• [Task statement]: In how many lines of the data does the word "mask" appear? Give the number by itself.

[Dataset content Boundary: Start]

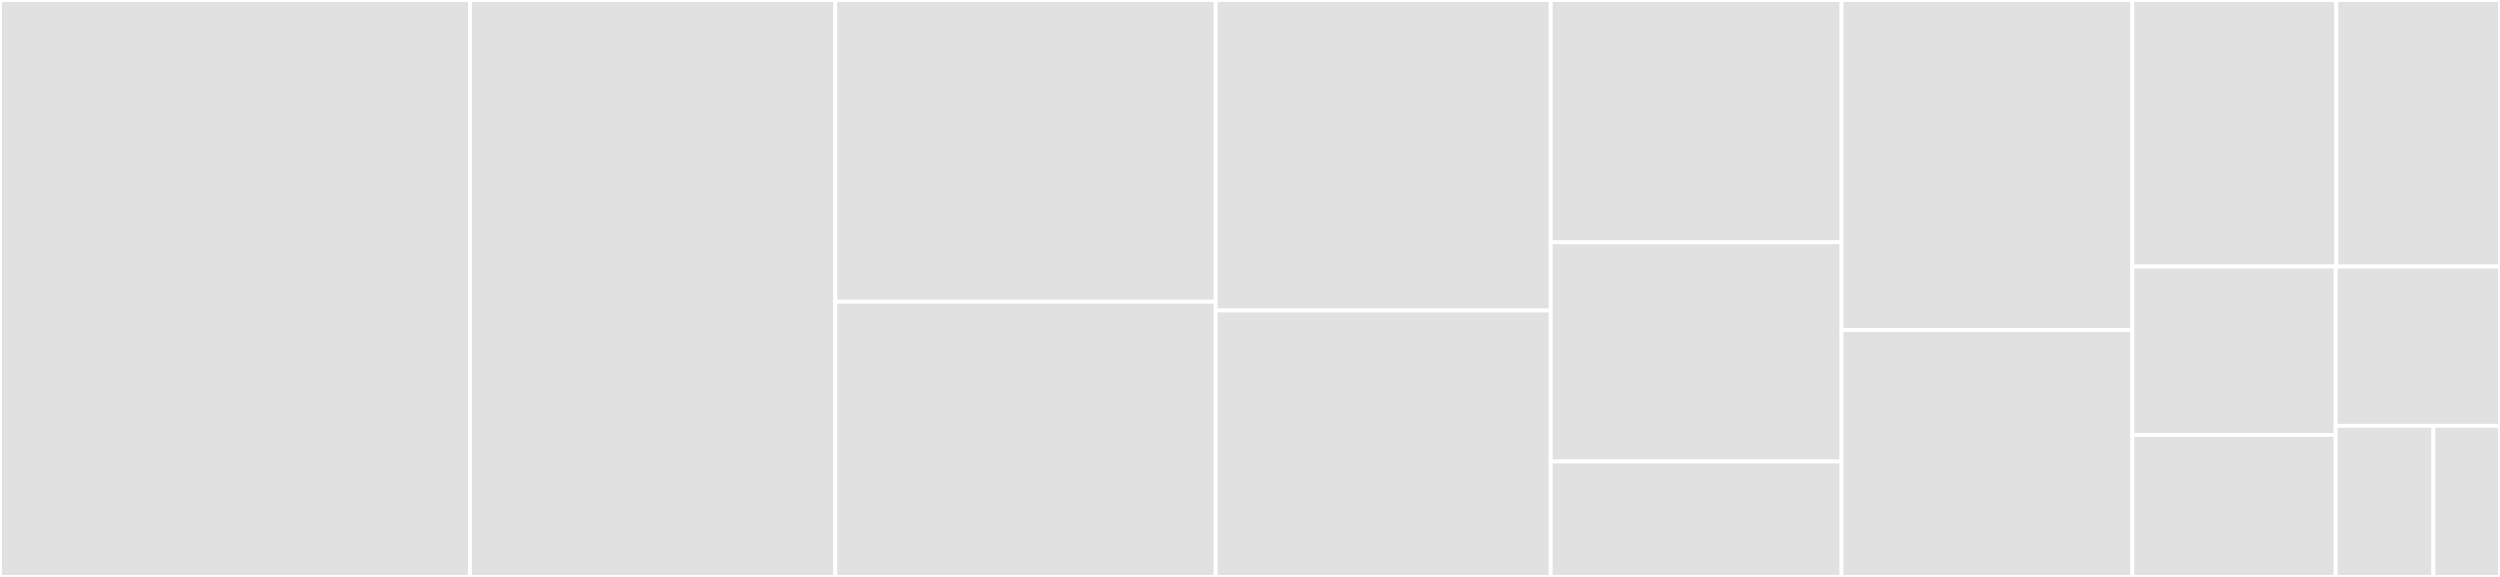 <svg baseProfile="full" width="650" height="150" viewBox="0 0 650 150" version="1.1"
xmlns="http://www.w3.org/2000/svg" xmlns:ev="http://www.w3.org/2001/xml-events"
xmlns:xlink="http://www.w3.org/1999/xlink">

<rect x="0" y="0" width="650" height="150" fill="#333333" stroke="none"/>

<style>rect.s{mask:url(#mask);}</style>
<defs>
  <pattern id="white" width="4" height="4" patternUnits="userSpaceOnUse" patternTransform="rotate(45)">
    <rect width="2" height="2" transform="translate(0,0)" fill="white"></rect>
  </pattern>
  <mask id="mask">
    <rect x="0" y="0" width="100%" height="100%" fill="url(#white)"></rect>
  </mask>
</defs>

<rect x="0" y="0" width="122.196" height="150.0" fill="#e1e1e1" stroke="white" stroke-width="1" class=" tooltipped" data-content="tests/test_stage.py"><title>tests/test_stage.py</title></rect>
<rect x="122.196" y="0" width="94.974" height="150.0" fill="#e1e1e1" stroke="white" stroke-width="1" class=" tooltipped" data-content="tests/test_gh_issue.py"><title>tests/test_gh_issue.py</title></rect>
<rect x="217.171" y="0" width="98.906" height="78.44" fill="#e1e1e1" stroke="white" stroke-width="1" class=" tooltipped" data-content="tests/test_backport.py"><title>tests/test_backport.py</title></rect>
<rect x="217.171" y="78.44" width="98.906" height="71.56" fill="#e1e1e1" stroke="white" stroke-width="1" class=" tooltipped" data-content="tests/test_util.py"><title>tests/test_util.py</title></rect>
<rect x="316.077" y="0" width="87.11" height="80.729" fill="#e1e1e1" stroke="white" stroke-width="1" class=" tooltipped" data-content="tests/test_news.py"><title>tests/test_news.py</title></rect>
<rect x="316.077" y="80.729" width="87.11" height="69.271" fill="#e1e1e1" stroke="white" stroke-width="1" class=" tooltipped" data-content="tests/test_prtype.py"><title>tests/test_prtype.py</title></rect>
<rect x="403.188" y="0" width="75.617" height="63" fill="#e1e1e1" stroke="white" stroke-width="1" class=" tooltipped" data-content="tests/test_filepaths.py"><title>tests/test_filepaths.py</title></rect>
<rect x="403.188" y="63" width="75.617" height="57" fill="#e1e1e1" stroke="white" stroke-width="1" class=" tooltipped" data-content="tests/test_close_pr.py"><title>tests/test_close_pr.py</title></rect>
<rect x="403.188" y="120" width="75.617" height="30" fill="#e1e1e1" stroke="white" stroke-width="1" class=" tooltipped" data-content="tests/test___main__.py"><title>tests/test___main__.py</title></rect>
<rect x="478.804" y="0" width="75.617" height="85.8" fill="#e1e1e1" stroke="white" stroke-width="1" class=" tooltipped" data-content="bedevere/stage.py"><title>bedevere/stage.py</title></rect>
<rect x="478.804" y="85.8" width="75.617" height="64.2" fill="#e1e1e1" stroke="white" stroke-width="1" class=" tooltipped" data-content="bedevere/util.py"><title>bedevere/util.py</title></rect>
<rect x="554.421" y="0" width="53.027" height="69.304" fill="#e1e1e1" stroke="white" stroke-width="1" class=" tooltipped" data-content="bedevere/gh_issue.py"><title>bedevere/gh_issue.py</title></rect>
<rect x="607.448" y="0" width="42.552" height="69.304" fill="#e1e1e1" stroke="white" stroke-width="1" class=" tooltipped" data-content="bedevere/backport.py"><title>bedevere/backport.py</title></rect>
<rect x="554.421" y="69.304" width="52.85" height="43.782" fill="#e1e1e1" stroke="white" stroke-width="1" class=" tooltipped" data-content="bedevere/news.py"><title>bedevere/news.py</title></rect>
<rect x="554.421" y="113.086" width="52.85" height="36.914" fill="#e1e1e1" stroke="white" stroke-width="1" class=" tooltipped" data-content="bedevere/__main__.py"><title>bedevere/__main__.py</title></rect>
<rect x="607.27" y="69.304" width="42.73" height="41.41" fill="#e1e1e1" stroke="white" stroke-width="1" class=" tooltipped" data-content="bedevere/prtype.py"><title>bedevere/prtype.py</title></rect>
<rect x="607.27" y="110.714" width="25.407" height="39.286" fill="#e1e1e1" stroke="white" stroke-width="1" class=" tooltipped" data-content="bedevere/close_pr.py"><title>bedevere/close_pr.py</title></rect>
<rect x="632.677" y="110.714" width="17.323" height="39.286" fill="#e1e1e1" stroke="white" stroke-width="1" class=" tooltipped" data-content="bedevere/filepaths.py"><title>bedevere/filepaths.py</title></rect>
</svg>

[Dataset content Boundary: End]

• [Your solution]: 3